Comparison of heatmaps from different models on the SSGD dataset.

This paper employs the HiResCAM48 visualization method to demonstrate the model’s attention to target defects. Regardless of variations in the size of the target objects, DY-YOLO can effectively exclude interference from complex backgrounds, assign higher weights to detection regions of different scales, and maintain high sensitivity to object locations compared to other advanced methods. These results validate the model’s strong robustness under practical application conditions.

Conclusion

To address the challenges of complex backgrounds and scale variations in cover glass defect detection, this paper proposes a smartphone cover glass defect detection model, DY-YOLO, based on YOLOv8. The model incorporates dynamic convolution modules and introduces Dynamic Large Separable Kernel Attention (Dynamic-LSKA) and Dynamic-C2f to enhance the backbone network’s ability to extract global and local features. This improves the model’s anti-interference capability and its ability to extract key features under conditions where defect characteristics are not distinctly visible. Additionally, a High-Level Screening Feature Bidirectional Path Aggregation Network (HSF-BPAN) is designed to achieve effective fusion of multi-scale features. Furthermore, a lightweight dynamic upsampler, DySample, is employed for upsampling, which flexibly adjusts sampling positions by learning offsets, thereby reducing computational resource consumption.

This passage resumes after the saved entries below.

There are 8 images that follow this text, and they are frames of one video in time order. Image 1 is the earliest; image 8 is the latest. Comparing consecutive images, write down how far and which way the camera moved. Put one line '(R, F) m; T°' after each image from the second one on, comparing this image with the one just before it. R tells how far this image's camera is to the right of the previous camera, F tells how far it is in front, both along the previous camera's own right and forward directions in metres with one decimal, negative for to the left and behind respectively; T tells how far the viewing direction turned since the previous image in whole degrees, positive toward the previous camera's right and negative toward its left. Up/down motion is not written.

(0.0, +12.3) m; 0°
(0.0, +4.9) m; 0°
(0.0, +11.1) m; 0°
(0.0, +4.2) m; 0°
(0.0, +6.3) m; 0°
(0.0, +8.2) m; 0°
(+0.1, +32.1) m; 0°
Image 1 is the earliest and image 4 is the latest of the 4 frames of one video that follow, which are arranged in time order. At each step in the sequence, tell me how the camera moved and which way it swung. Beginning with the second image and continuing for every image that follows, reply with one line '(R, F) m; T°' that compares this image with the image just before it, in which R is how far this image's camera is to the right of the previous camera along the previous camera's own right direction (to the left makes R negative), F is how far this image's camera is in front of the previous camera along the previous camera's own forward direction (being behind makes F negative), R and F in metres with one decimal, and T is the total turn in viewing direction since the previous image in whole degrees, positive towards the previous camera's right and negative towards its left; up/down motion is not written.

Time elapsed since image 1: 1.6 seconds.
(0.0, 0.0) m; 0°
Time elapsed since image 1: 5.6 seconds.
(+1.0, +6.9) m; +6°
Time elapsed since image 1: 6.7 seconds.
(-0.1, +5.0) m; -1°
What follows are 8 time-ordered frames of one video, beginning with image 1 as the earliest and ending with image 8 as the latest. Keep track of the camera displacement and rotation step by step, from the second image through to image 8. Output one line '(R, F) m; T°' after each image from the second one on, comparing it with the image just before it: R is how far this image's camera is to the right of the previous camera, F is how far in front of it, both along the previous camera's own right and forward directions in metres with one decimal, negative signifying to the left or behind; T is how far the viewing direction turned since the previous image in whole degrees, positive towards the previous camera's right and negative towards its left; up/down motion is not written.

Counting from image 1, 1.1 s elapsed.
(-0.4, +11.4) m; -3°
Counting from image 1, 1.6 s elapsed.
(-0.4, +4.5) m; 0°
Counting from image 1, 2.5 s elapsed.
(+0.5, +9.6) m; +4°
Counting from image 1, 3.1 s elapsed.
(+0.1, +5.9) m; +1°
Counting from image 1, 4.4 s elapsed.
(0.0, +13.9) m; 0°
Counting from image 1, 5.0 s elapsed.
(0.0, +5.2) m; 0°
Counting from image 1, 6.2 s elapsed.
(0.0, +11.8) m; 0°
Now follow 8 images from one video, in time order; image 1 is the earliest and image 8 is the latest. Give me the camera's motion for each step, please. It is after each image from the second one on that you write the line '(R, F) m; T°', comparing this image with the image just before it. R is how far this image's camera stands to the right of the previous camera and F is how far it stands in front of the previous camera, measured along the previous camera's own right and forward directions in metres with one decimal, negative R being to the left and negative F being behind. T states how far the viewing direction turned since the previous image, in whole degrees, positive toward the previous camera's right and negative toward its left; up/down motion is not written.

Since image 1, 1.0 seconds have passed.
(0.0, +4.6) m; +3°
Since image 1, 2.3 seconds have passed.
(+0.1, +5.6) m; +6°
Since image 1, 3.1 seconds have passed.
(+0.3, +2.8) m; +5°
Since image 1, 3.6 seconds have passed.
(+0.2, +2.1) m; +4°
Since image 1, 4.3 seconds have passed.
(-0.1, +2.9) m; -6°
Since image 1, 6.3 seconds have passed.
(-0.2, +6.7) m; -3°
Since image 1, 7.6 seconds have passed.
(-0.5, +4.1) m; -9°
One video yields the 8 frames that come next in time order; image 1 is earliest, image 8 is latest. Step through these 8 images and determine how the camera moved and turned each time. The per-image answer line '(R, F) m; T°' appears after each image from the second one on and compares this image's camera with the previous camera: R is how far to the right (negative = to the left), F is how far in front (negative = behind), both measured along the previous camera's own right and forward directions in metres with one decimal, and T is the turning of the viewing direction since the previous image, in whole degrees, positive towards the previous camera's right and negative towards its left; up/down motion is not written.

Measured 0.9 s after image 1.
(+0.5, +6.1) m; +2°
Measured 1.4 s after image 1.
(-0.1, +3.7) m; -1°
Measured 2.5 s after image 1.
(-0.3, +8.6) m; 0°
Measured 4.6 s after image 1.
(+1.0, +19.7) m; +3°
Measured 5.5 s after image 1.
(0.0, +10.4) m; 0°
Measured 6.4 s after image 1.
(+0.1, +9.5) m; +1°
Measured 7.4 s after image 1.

In this study, DY-YOLO was systematically verified on the MSD and SSGD mobile phone cover glass defect benchmark datasets, and the experimental results showed that the accuracy of DY-YOLO was better than that of the baseline model, reaching 99.3% and 46% in mAP@0.5, respectively, while reducing the computing resource consumption by 33.3% and maintaining the inference speed of 121.8 FPS, making it suitable for real-time edge detection tasks. Compared to state-of-the-art methods, DY-YOLO still shows significant advantages in terms of accuracy-efficiency trade-offs. It is important to note that although the model shows strong robustness in complex environments, there is still room for improvement in terms of accuracy. Future work will focus on further improving its performance.